I’ve been so busy with my kids (my ADULT kids) and moving, and traveling, and taking friends to the art museum, and Vampire stuff that… well, there is no Burning Question.

Happy Cat-ur-day!

And don’t forget your hat. By the way if you forget your hat make a music video. It’s ok. You have my permission.

Now go hug your cat, hug your kids, hug everyone else, and dance! Take the chance.

xoxox

~ Juliette aka Vampire Maman

Seeing Red

“Are you still seeing Emma?”

“Mom, Emma is so weird.”

“How so?”

“She hates red. She won’t wear red. She won’t park next to a red car. She won’t eat off of a red plate. She gets upset if I wear anything red. Even the word blood makes her hysterical. She won’t even sit on red furniture.”

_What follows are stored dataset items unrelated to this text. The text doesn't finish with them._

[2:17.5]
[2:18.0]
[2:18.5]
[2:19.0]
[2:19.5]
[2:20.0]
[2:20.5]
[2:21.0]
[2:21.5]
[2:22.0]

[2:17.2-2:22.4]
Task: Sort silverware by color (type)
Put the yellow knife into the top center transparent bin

“You’d better not bring her to my house.”

“She even flips out over roses and humming bird feeders.”

“Have you talked to her about it?”

“It isn’t some deep rooted trauma if that’s where you’re going. She just does it to be weird. She wants attention. You know, she wants to stand out and be different. I asked her if it had anything to do with Vampires. She looked at me like I was the crazy one. She said I was disturbed and disgusting.”

“Does she know you’re a Vampire?”

“No. Hell no.”

“Honey, I think you need to break up with her.”

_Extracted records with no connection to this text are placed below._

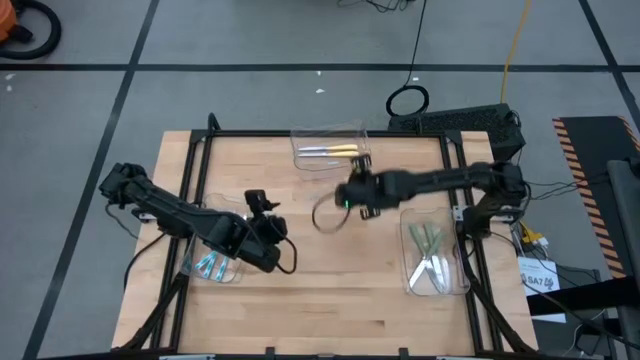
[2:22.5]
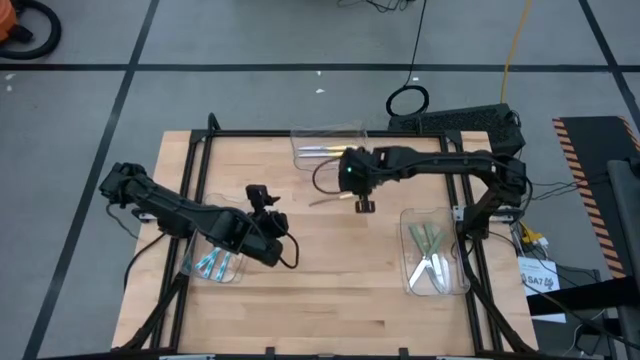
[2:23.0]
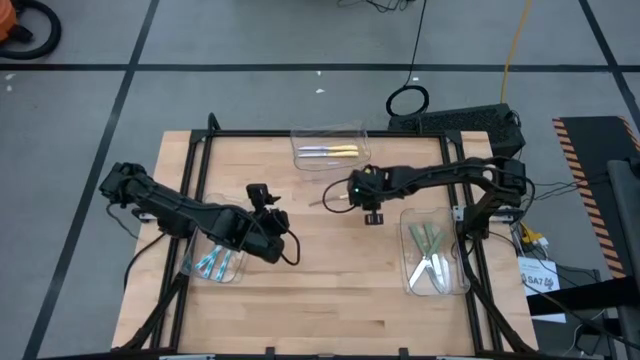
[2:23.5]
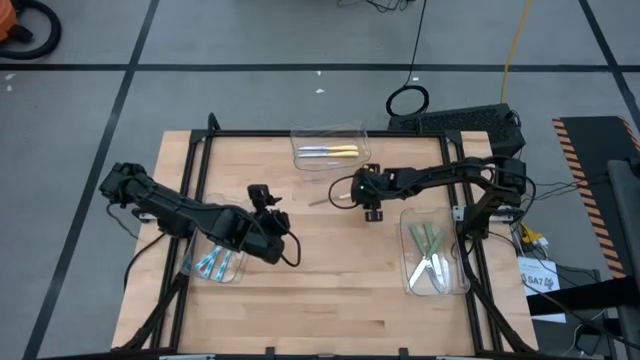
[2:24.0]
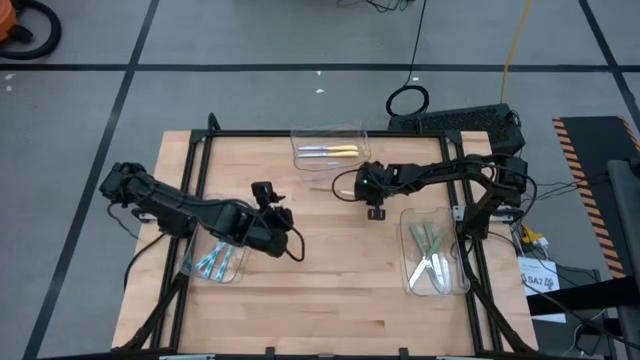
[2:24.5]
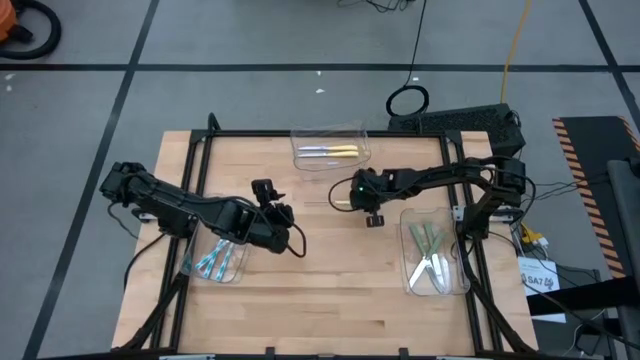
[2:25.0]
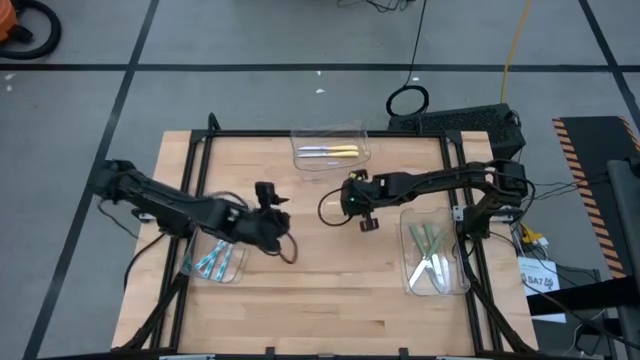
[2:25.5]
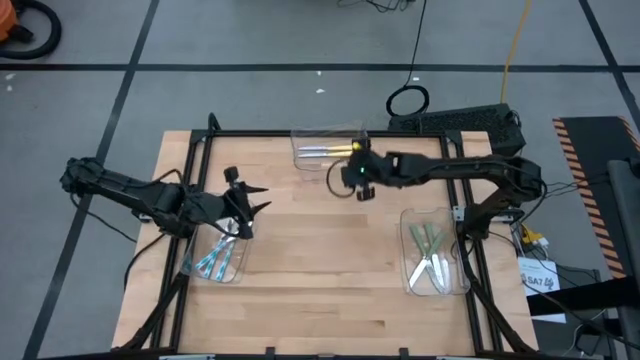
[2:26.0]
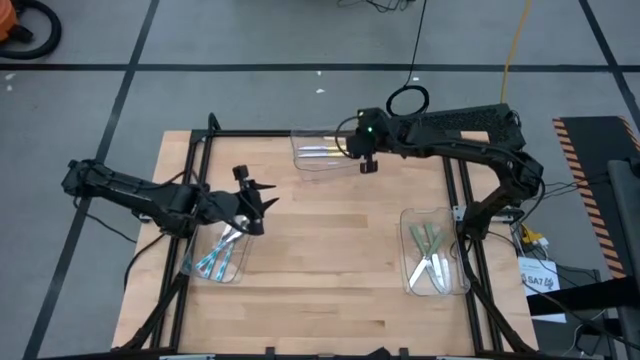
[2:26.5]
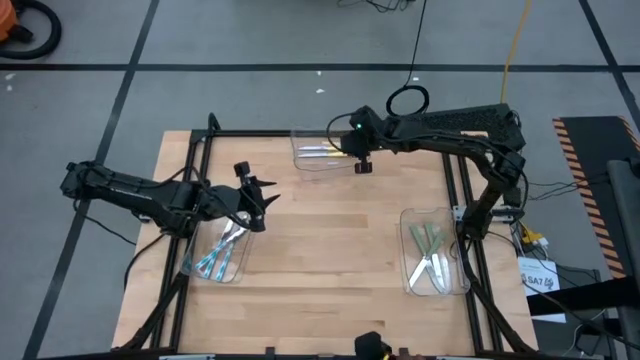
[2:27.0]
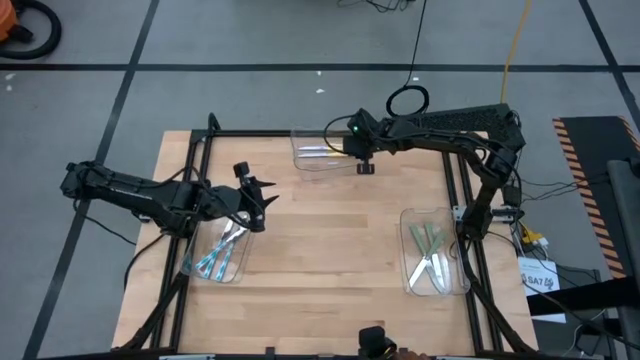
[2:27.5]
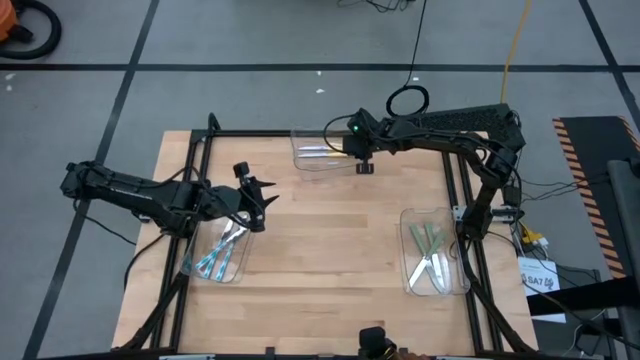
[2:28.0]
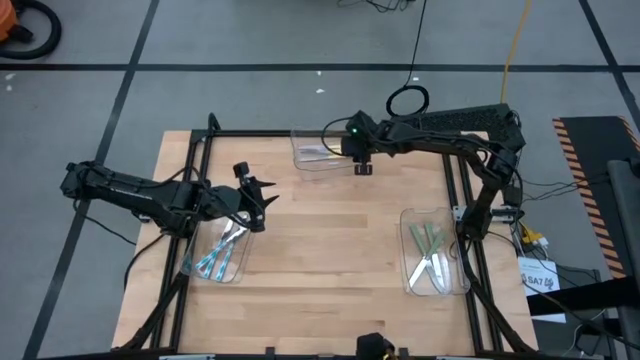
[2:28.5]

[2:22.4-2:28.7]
Put the yellow knife into the top center transparent bin

“I already did. That’s why I called you. The summer of Emma is OVER.”

“Time to cut your losses and move on. At least you only spent a few weeks with her.”

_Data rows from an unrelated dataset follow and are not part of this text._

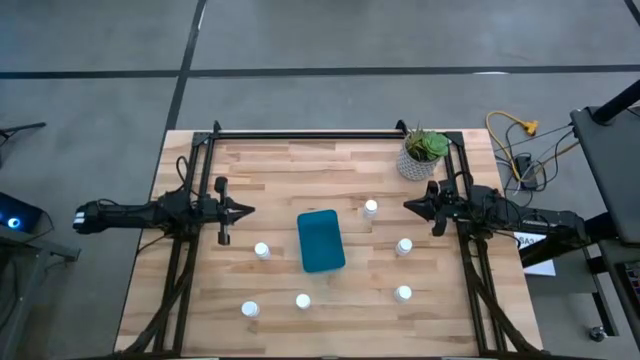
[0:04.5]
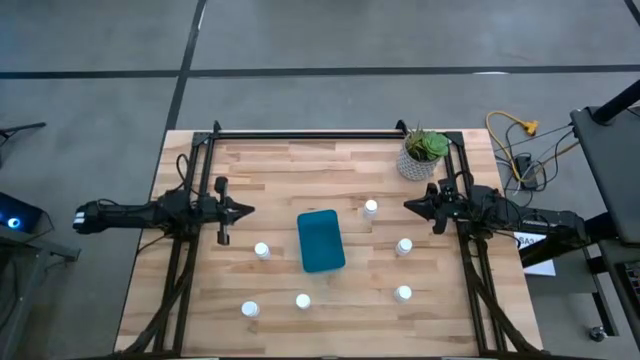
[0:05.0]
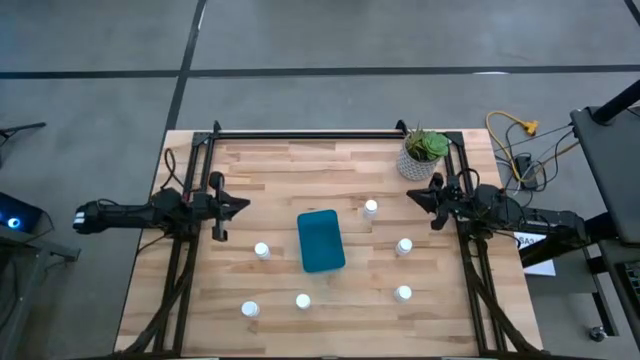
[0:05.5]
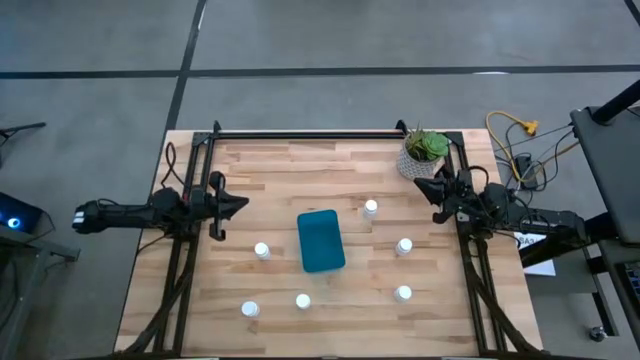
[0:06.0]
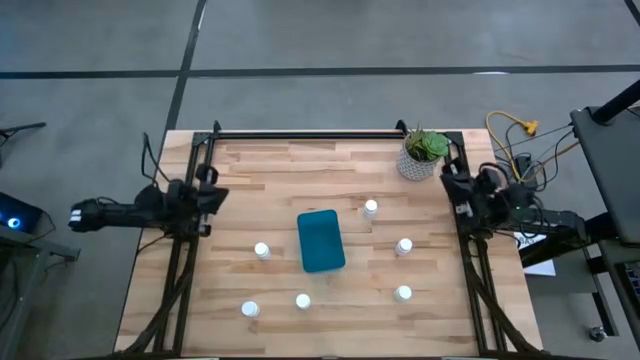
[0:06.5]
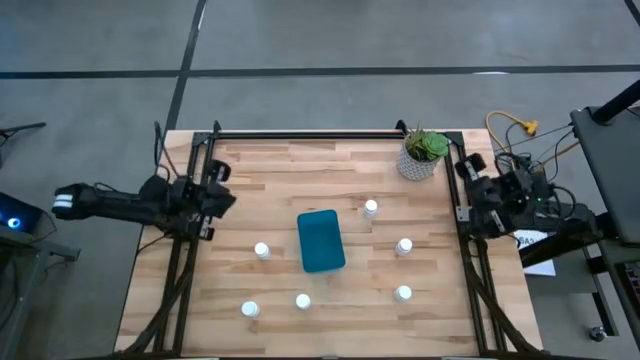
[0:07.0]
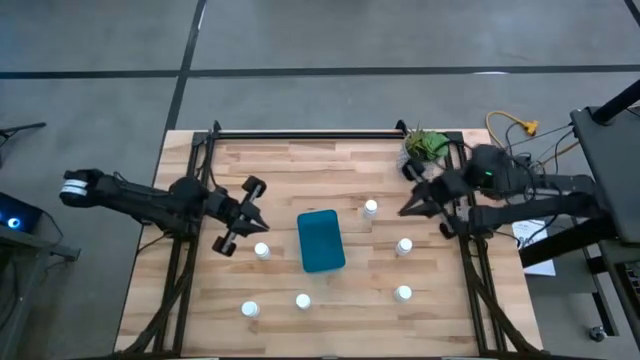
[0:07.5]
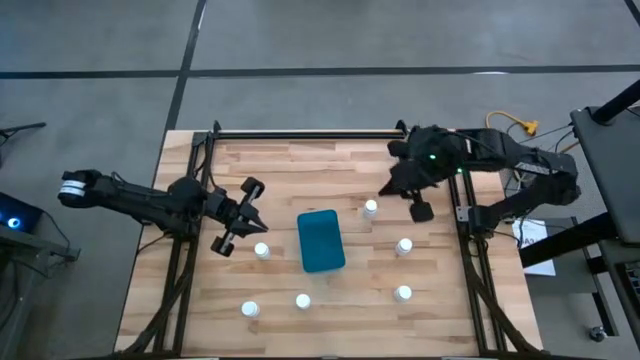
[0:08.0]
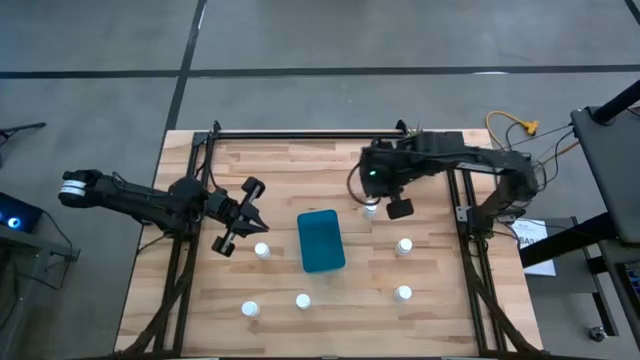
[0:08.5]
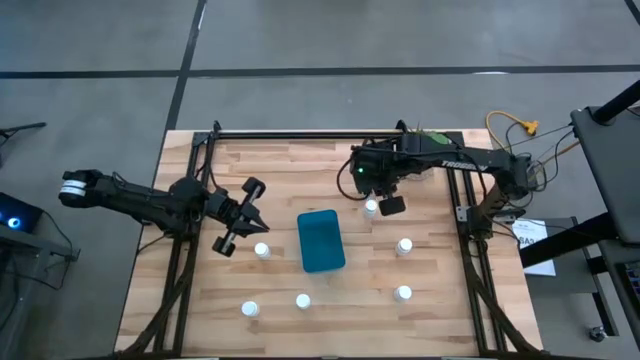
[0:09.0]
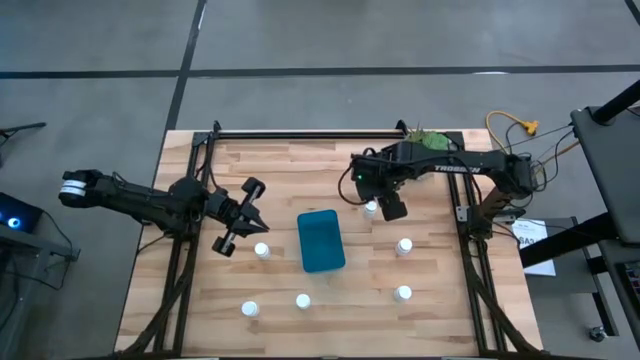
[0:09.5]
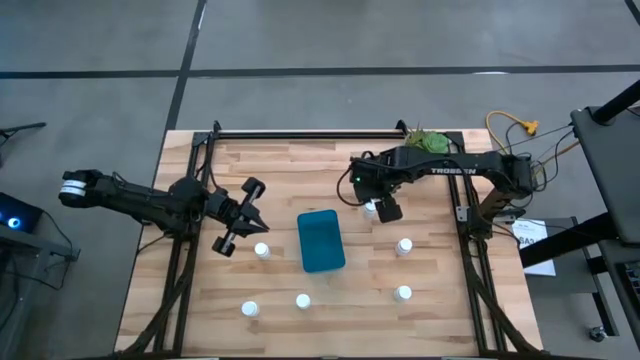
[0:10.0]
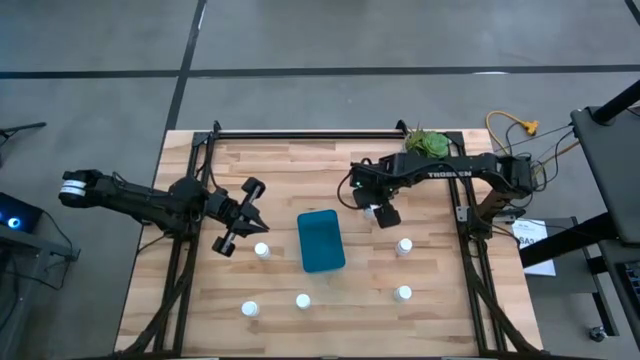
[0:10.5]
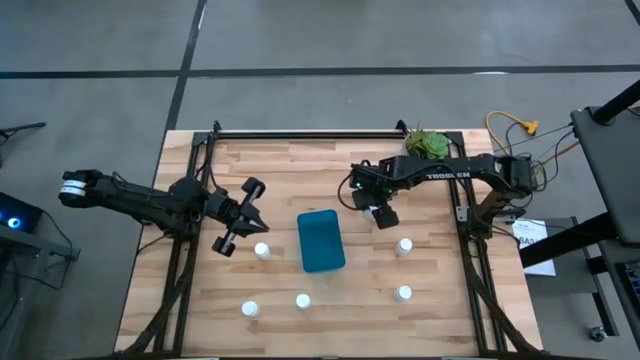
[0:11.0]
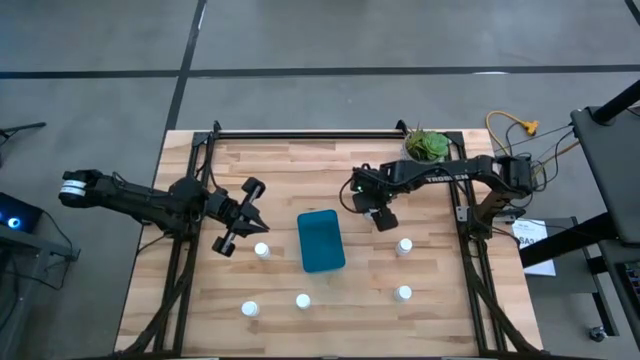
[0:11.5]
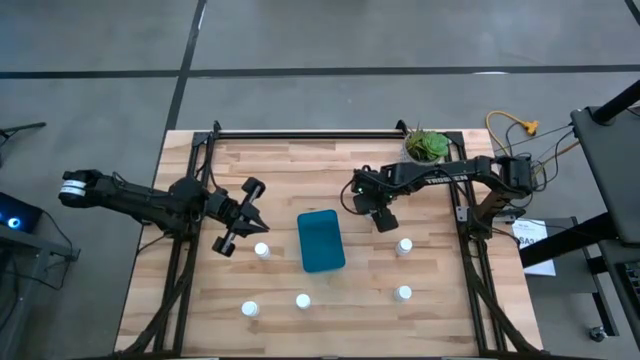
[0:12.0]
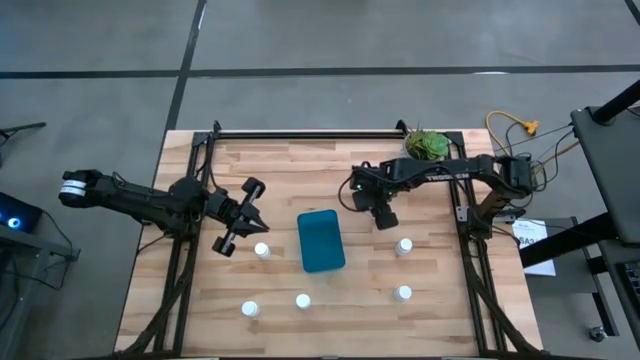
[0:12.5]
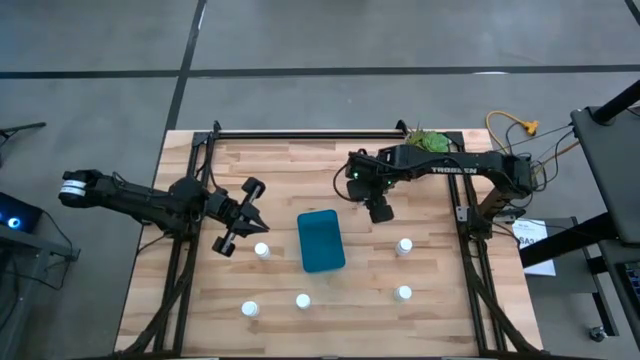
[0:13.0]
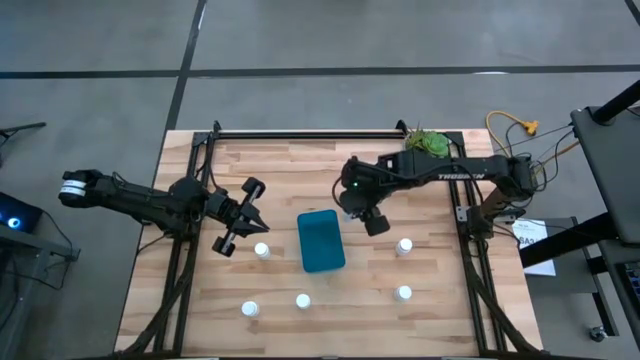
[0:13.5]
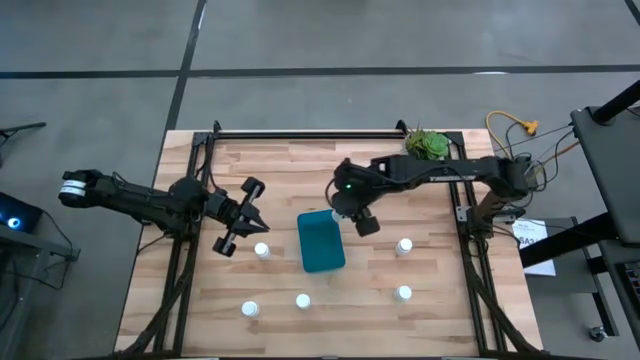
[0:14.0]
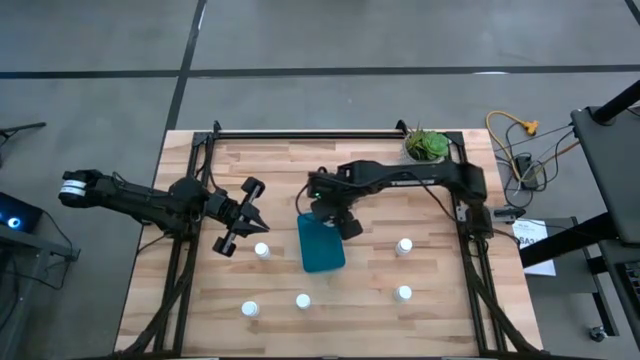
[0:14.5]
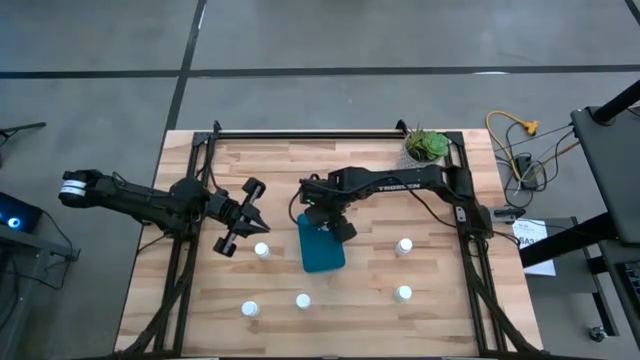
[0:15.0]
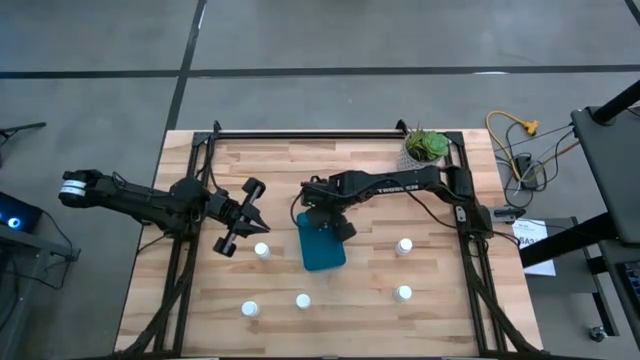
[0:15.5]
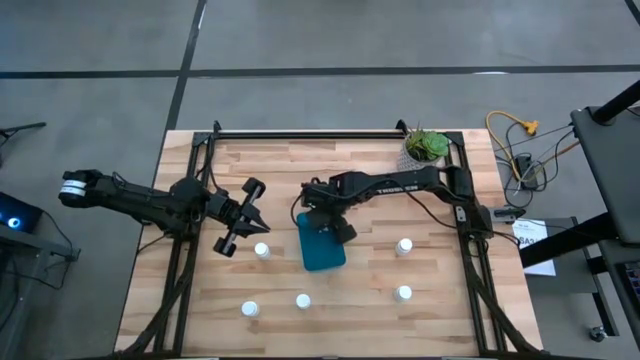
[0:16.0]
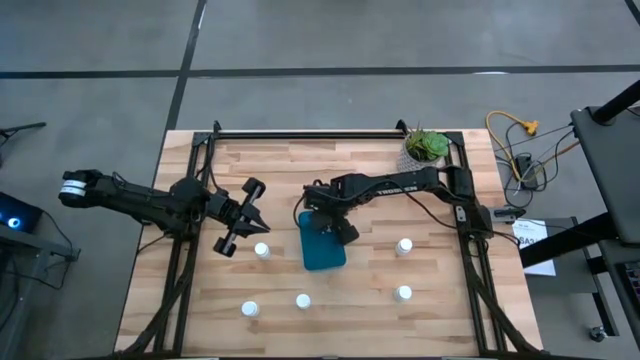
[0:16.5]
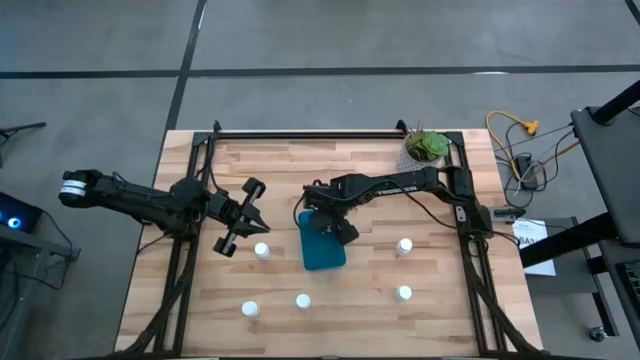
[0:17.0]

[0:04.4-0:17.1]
Task: Pick and place pill bottles into a basket
Put the white pill bottle into the blue bin

“She texted me this morning. Now she says red is OK. She decided she doesn’t like cats now.”

“Block her. Do it now.”

“Already done.”

“Good. Love you.”

“Love you too Mom.”

 

No matter how grown up you are, sometimes you still need to talk to your mom.

~ Juliette aka Vampire Maman

 

Seeing Beyond Yourself

When your children go out into the world there are traits they’ll need to be successful, even if they’re Vampires.

Compassion and seeing beyond your own single mindedness is something that our world lacks. It is also something our children can make up for, and make their future brighter.

You can be the smartest person in the world but if you can’t see traits and qualities in other that you don’t have then you aren’t that smart.

You can be rich but if you don’t give back then you’re morally poor.

You can think you know what you like, but if you’re closed minded you’ll never really know what you like.

As our children become adults they must move from the sheltered world of their childhood, that of high school and their parent’s home, and see beyond themselves.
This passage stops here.